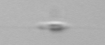
Label: Cylindrotheca_morphotype1
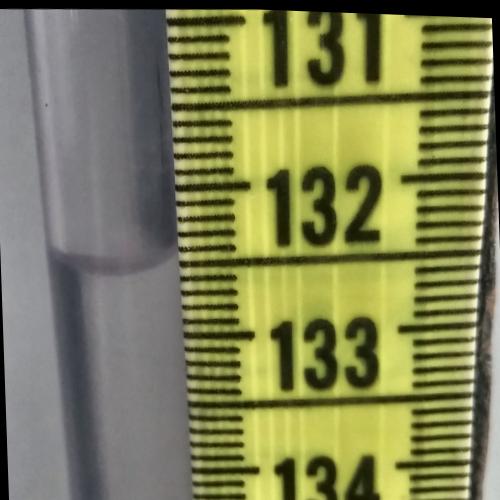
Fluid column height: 132.5 cm
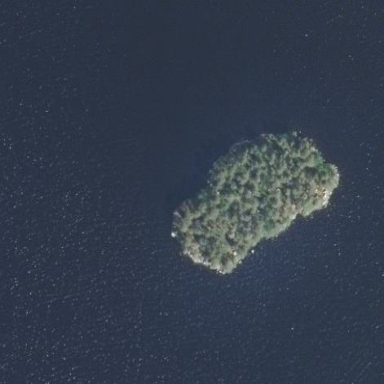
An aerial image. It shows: Islet covered with woodland.
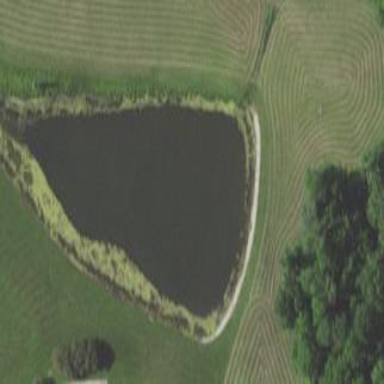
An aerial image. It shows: Pond surrounded by natural water.
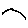
Label: bird

AIM OF THE TASK: Produce an exact copy of the lines from the line with "Fluid column height: 132.5 cm" through the last line of the data above, both ends included. No pictures belong in it.

RESULT OF THE TASK:
Fluid column height: 132.5 cm
An aerial image. It shows: Islet covered with woodland.
An aerial image. It shows: Pond surrounded by natural water.
Label: bird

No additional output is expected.